──────── Data extract ────────

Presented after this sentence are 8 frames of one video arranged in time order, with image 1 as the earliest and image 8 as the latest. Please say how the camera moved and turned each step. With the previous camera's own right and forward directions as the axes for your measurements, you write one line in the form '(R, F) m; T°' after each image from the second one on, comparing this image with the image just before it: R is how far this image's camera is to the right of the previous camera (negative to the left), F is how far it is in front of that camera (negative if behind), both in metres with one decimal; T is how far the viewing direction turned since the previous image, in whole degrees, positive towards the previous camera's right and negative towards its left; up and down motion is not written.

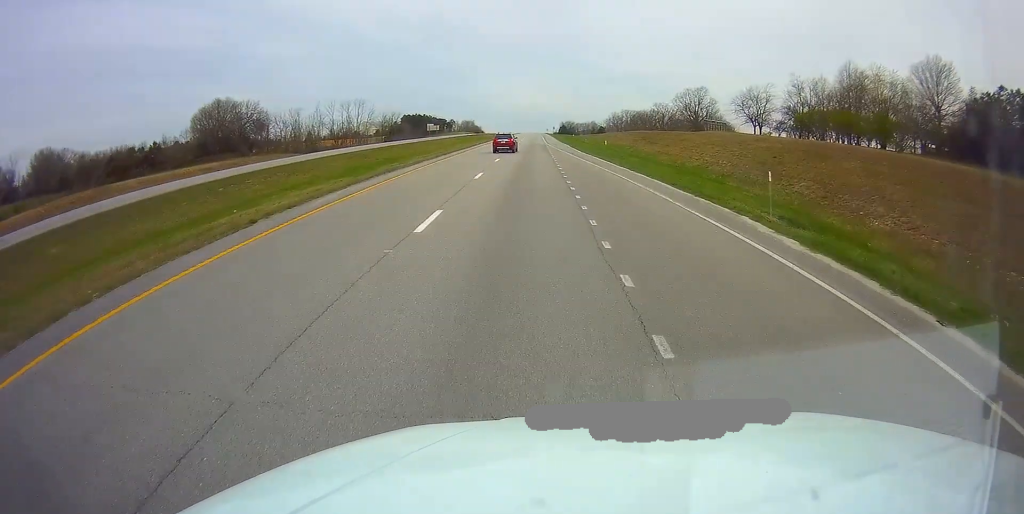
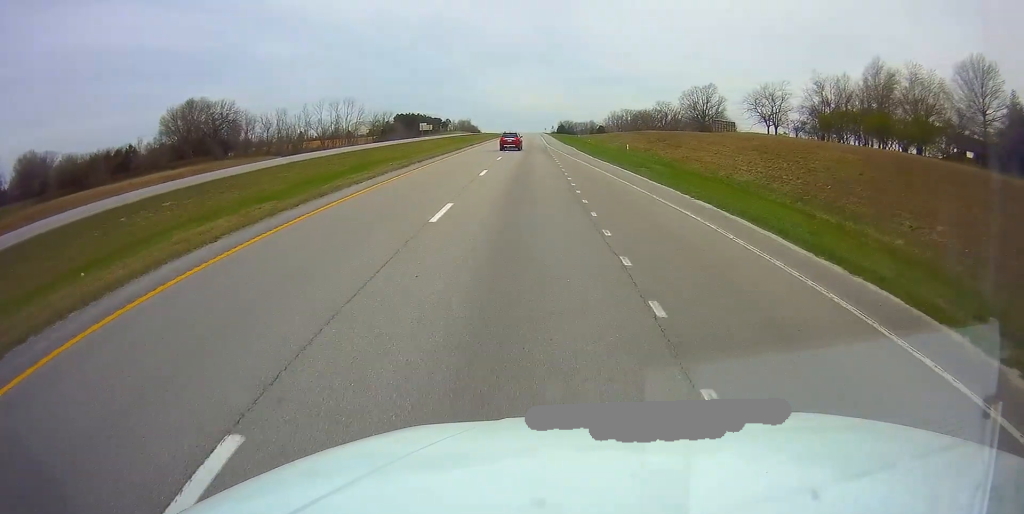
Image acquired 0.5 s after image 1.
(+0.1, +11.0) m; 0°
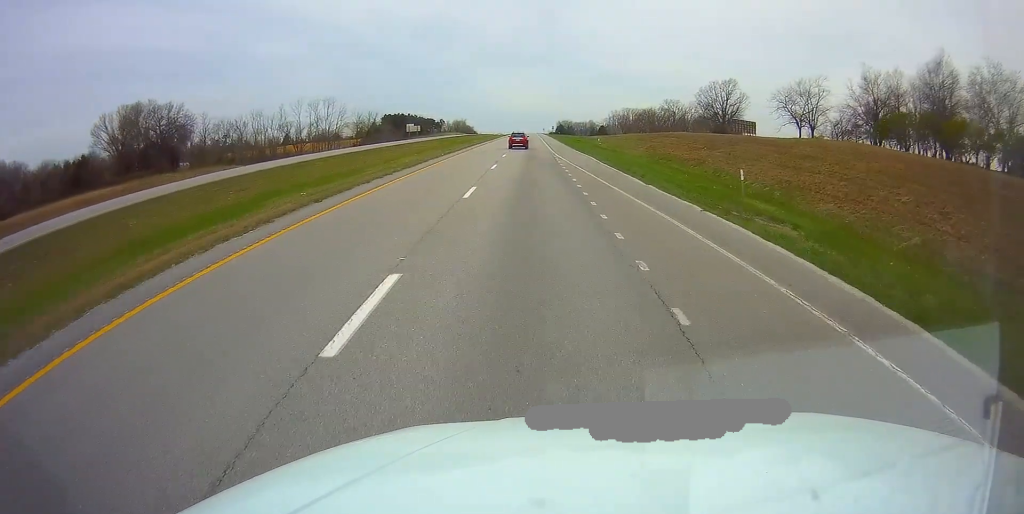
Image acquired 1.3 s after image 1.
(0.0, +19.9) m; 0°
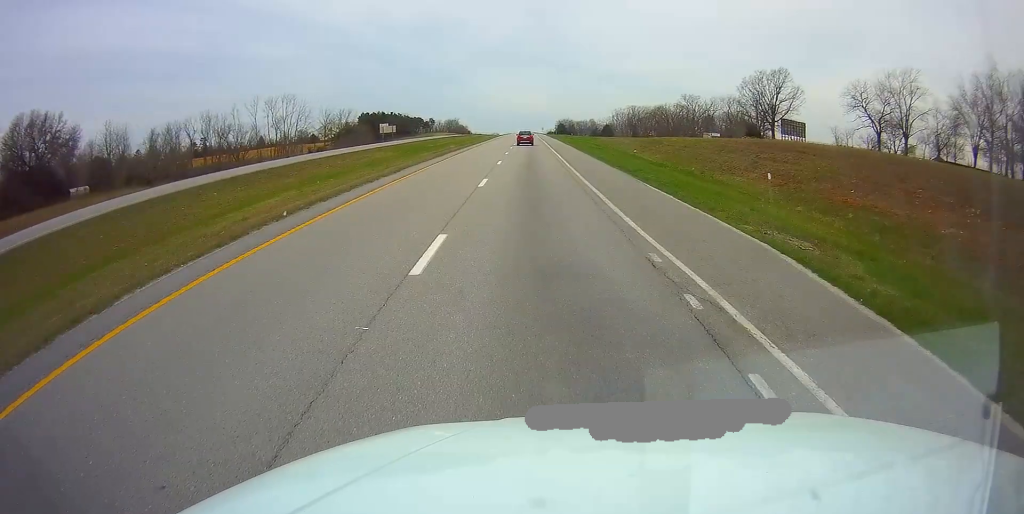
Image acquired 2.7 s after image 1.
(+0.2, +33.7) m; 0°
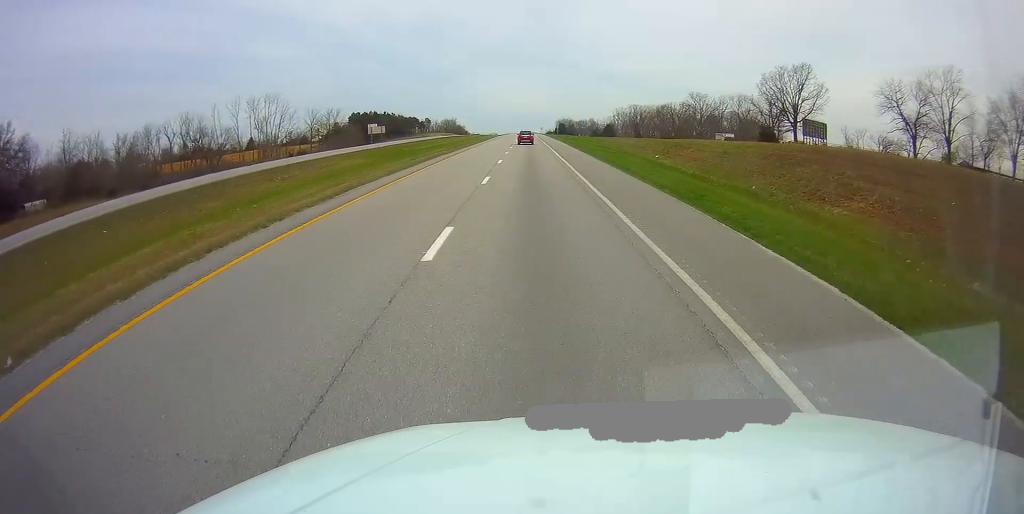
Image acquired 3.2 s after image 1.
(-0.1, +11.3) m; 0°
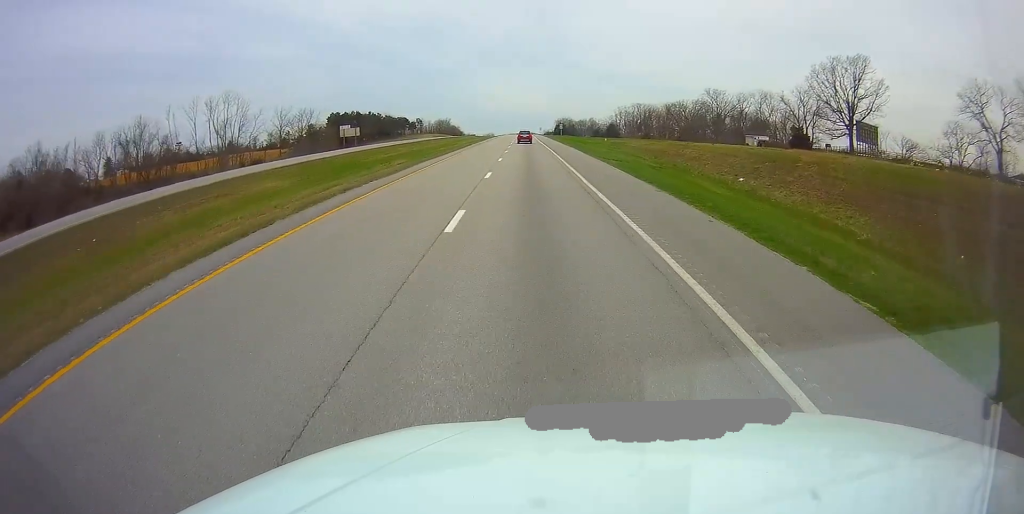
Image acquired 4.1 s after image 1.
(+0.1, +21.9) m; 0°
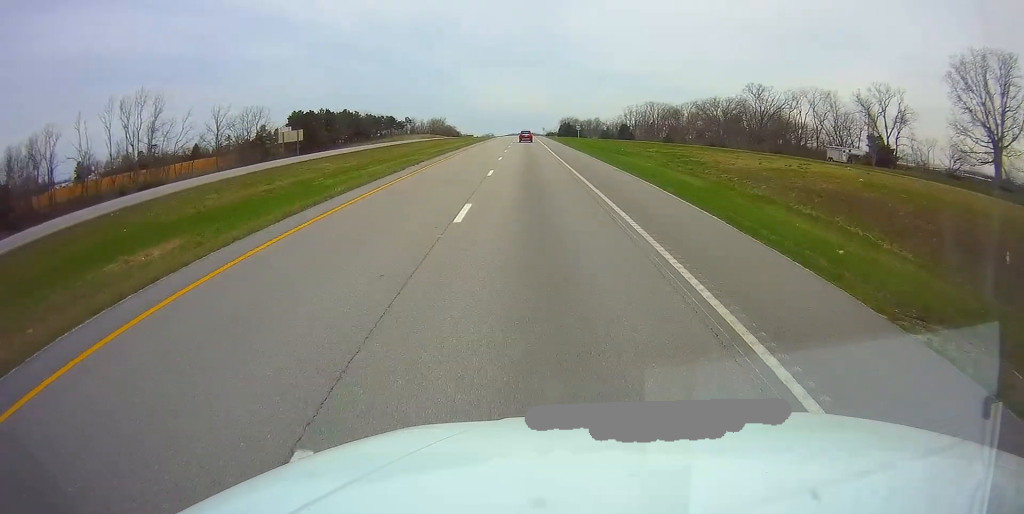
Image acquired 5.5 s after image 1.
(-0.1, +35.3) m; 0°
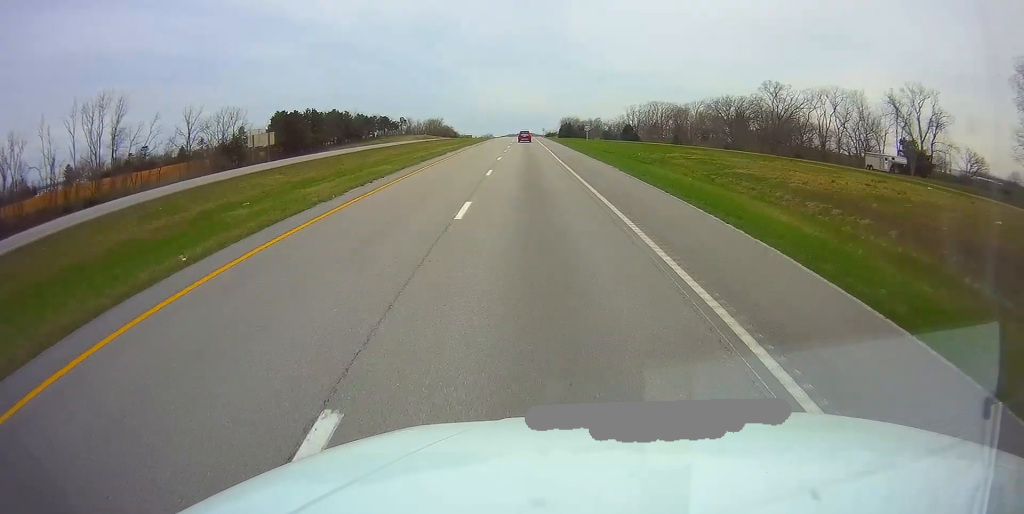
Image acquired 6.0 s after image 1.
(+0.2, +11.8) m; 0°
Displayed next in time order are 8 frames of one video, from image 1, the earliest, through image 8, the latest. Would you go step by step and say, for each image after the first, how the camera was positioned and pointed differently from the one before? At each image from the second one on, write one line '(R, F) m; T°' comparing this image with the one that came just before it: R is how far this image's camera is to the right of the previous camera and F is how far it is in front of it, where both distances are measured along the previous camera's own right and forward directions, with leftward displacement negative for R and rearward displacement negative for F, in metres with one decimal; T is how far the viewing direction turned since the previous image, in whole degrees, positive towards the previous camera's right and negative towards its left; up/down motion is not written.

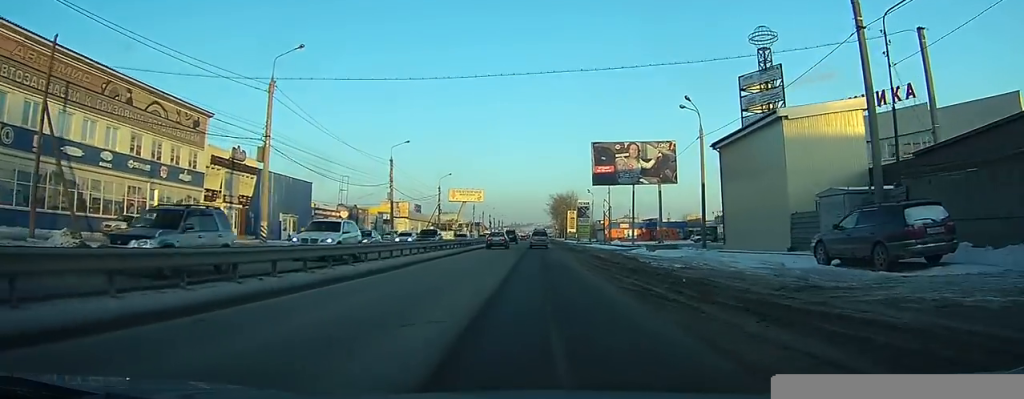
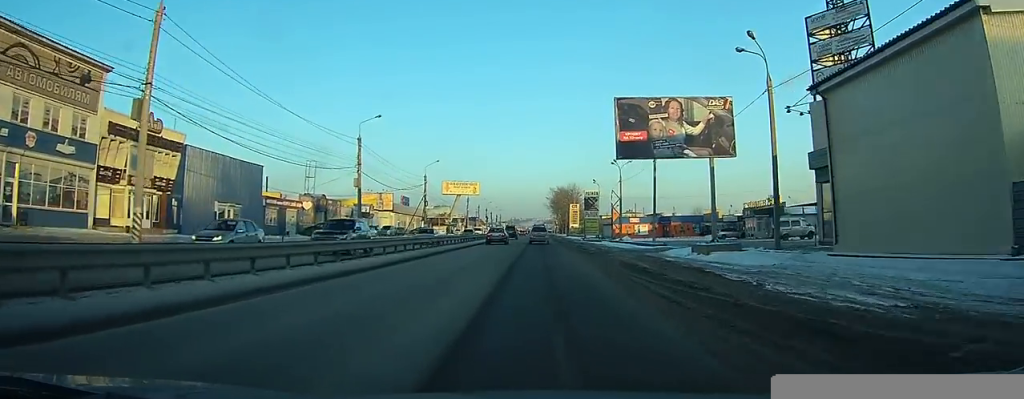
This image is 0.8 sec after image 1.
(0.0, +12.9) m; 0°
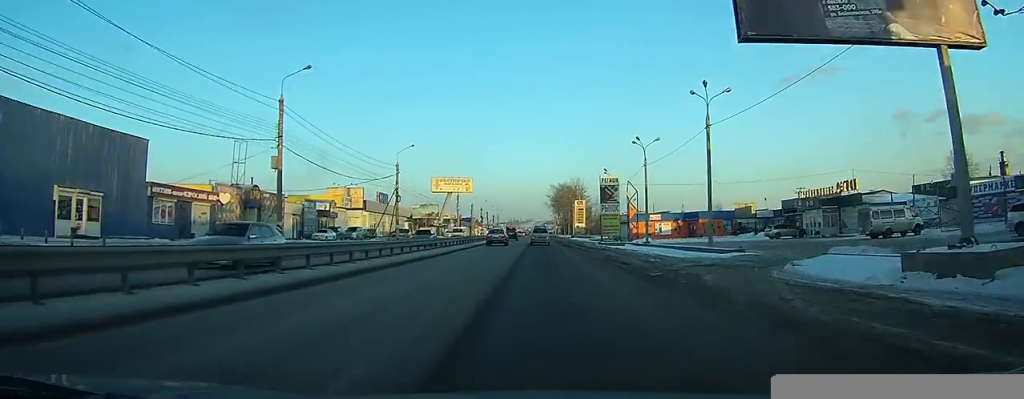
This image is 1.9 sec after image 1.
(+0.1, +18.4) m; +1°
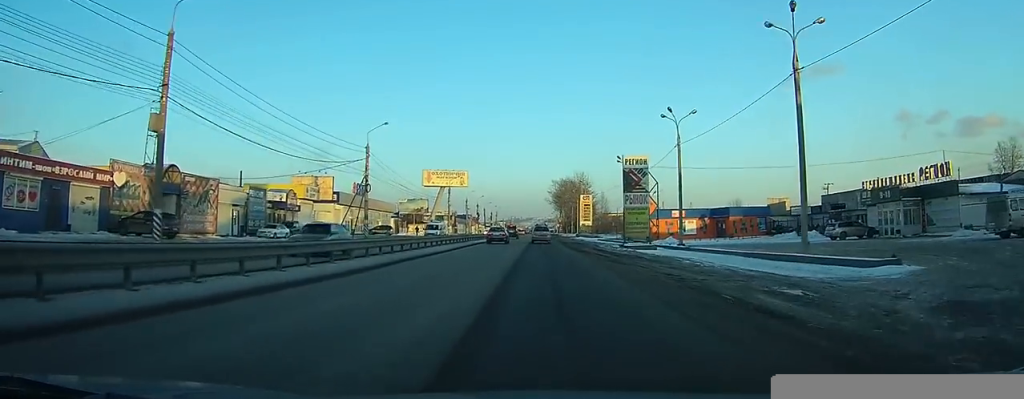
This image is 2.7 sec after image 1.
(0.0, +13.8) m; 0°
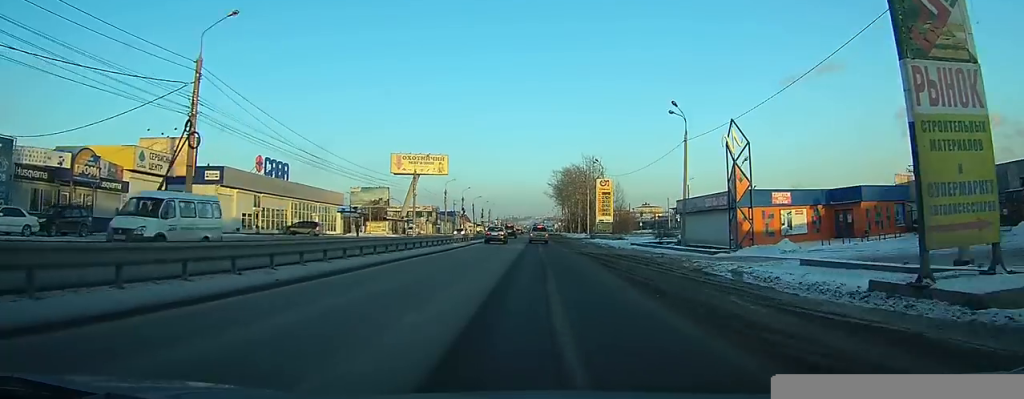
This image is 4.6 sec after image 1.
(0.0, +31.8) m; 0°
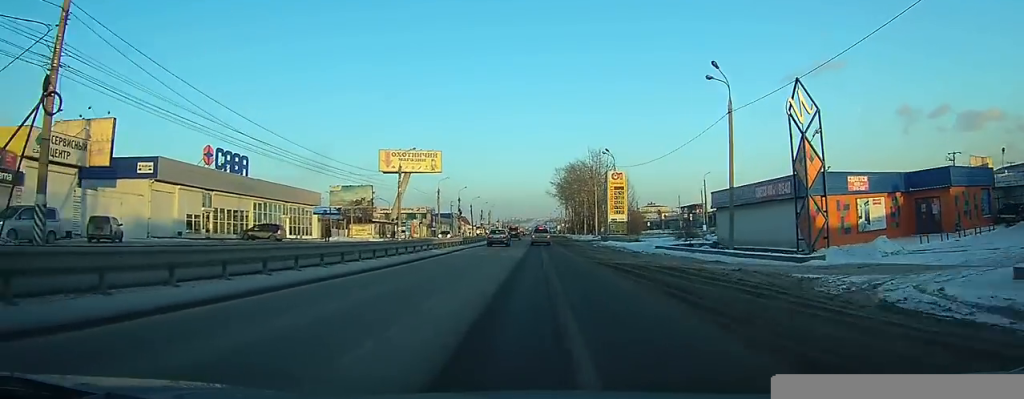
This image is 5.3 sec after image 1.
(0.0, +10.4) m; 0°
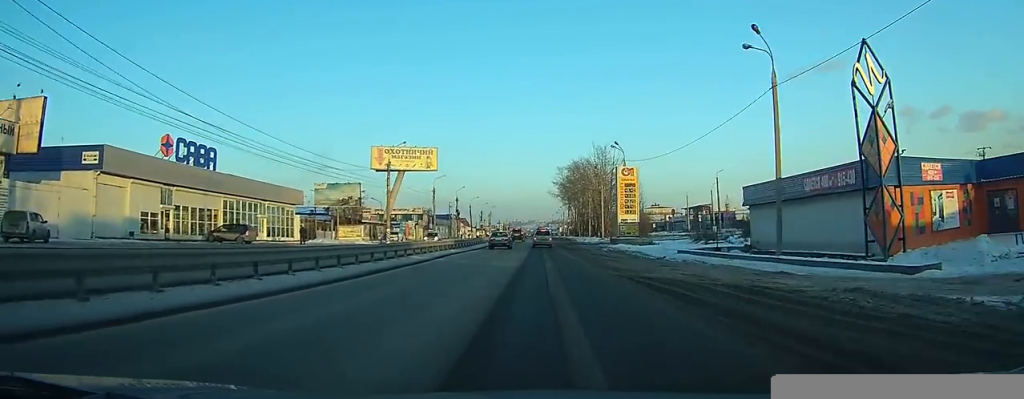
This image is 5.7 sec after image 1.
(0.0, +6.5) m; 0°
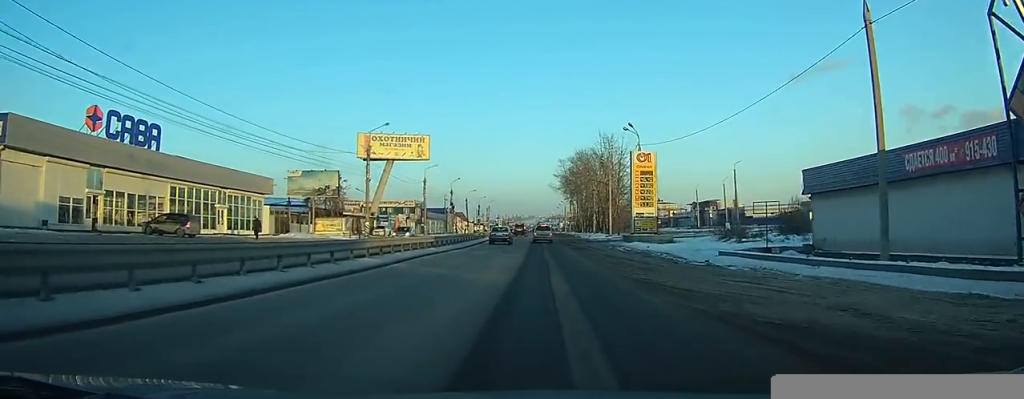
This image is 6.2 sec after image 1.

────────

Aim of the exercise:
Once the line containing "This image is 1.9 sec after image 1." is located, write out exactly that line and each one after it to the end of the records above, excluding pictures and nothing else.

Exercise solution:
This image is 1.9 sec after image 1.
(+0.1, +18.4) m; +1°
This image is 2.7 sec after image 1.
(0.0, +13.8) m; 0°
This image is 4.6 sec after image 1.
(0.0, +31.8) m; 0°
This image is 5.3 sec after image 1.
(0.0, +10.4) m; 0°
This image is 5.7 sec after image 1.
(0.0, +6.5) m; 0°
This image is 6.2 sec after image 1.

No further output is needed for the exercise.